C’est ici que le pragmatisme prend le relais de l’idéalisme. Le cas du Niger est exemplaire : plutôt que de subventionner des billets d’avion hors de prix, l’État a investi dans une flotte de véhicules (bus, 4×4) dédiés au transport des troupes. Une solution concrète qui permet de mailler le territoire. Sans cette mobilité, le marché reste confiné, empêchant la naissance de la « Route des Arts » prônée par Ousmane Bangré, Directeur de la planification, des études et de la formation du CERAV/Afrique (Centre régional pour les arts vivants en Afrique).
Par ailleurs, conviennent les intervenants de ce panel d’experts modéré par la journaliste Leila Assas, l’époque où l’artiste était son propre agent, comptable et marketeur doit prendre fin pour laisser place à l’ingénierie. Et c’est peut-être le point le plus crucial pour l’avenir : la professionnalisation des « métiers de l’ombre ».
« L’artiste seul ne peut pas tout faire… le reste, c’est de l’engineering », souligne Sylvain Bacle. L’avenir appartient désormais aux « clusters » et aux coopératives où les ressources sont mutualisées. L’objectif est clair, transformer le « talent brut » en « produit exportable » par une maîtrise des compétences managériales, juridiques et numériques.

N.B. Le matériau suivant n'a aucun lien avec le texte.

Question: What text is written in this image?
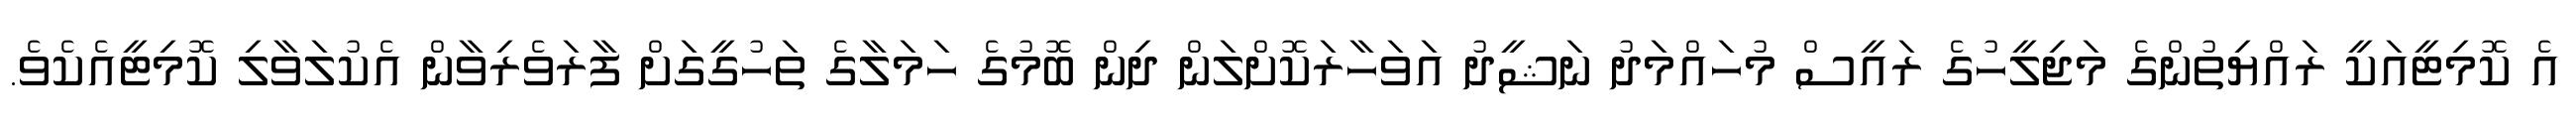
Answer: އެ ކޮމިޓީއަކީ ރައްޔިތުންގެ މަޖިލީހުގެ ރައީސް މުހައްމަދު ނަޝީދު އަވަހާރަކޮށްލަން ދިން ބޮމުގެ ހަމަލާގެ ތަހުގީގަށް ފާރަވެރިވާން އެކުލަވާލި ކޮމިޓީއެކެވެ.
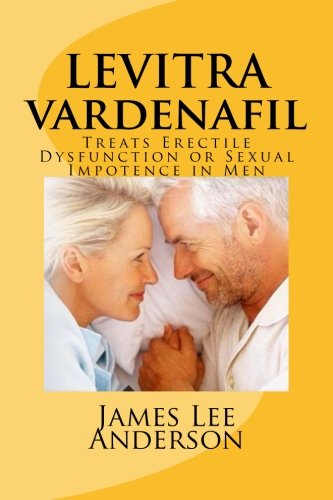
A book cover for LEVITRA (Vardenafil): Treats Erectile Dysfunction or Sexual Impotence in Men; James Lee Anderson; Medical Books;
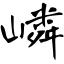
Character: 嶙
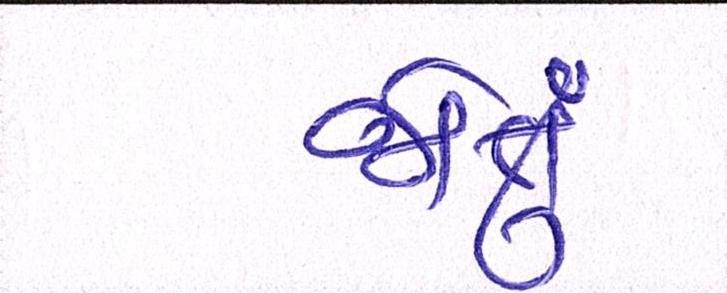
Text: જોતું
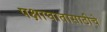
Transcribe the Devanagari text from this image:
पक्षाघातासाठीचे
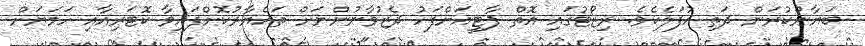
ބަޔާންކުރަން ދަތި އުފަލެކެވެ. ރިޒޯޓުގައި އޮތް ޕާޓީއަށްފަހު ދެޒުވާނުންނަށް ތައްޔާރުކޮށްފައިވާ ކޮޓަރިއާއި ހަމަޔަށް
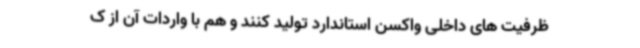
ظرفیت های داخلی واکسن استاندارد تولید کنند و هم با واردات آن از ک
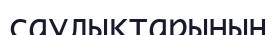
саулықтарының
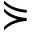
\curlyeqsucc
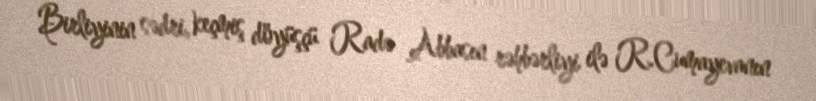
Birliyinin sədri, keçmiş döyüşçü Radə Abbasın rəhbərliyi ilə R.Cumayevanın
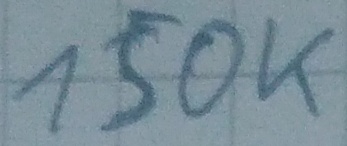
Text: 150K
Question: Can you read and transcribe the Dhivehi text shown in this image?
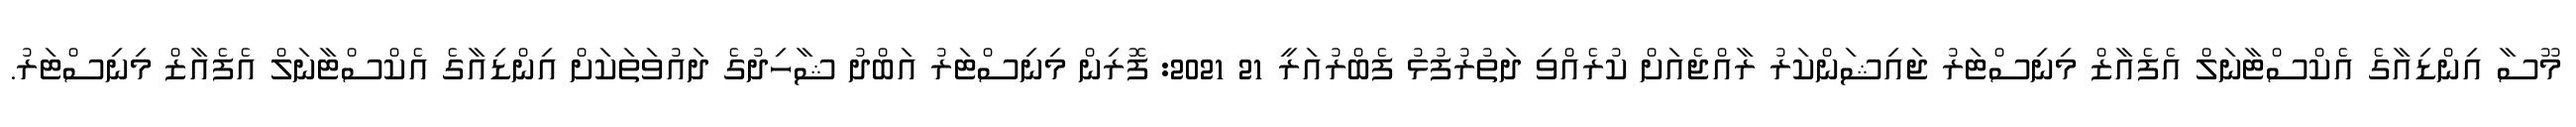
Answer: މޫސާ އިންޑިއާގެ އެކްސްޓާނަލް އެފެއާޒް މިނިސްޓަރު ޖައިޝަންކަރު ރާއްޖެއަށް ކުރެއްވި ދަތުރުފުޅު ފެބްރުއަރީ 21 2021: ފޮރިން މިނިސްޓަރު އަބްދު ޝާހިދުގެ ދައުވަތަކަށް އިންޑިއާގެ އެކްސްޓާނަލް އެފެއާޒް މިނިސްޓަރު.
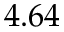
4 . 6 4
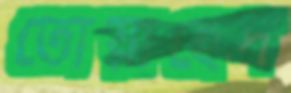
তোয়াহেদ
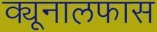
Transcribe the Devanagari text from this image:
क्यूनालफास
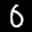
Label: 0
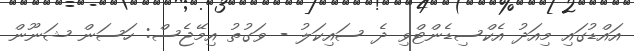
އައްޑުގައި މިއަދު އެކްސިޑެންޓްވި ދެ ސައިކަލު - ވަގުތު އިމޭޖެސް: ހަސަން ޝަނޫން
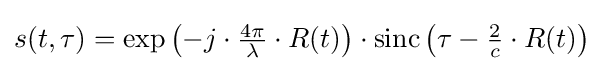
{\textstyle s(t,\tau )=\exp \left(-j\cdot {\frac {4\pi }{\lambda }}\cdot R(t)\right)\cdot \operatorname {sinc} \left(\tau -{\frac {2}{c}}\cdot R(t)\right)}
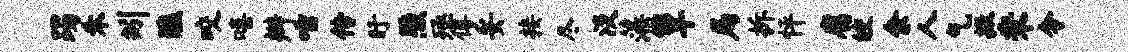
躅禾矧醮咬嘻辫唾传盱照殛傅妥接尽淡藻簟局拆怦腐皎余人乞撒秉令
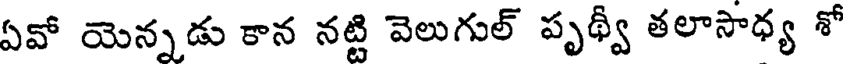
ఏవో యెన్నడు కాన నట్టి వెలుగుల్ పృథ్వీ తలాసాధ్య శో
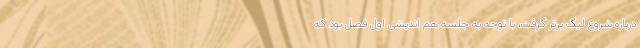
درباره شروع لیگ برتر گرفت، با توجه به جلسه هم اندیشی اول فصل بود که

Cette professionnalisation doit être accompagnée par le politique qui prend ainsi une part de responsabilité dans le développement et la structuration des arts vivants. Ousmane Bangré appelle les États à instaurer une fiscalité incitative. Sans exonérations fiscales pour les jeunes entreprises créatives et sans mécanismes de garantie bancaire, la culture restera le parent pauvre du développement.
L’économie des arts africains ne demande pas l’aumône ; elle exige un écosystème. Un monde où la solidarité organique se transforme en une ingénierie de pointe, capable de faire du talent africain le premier moteur de son propre rayonnement mondial.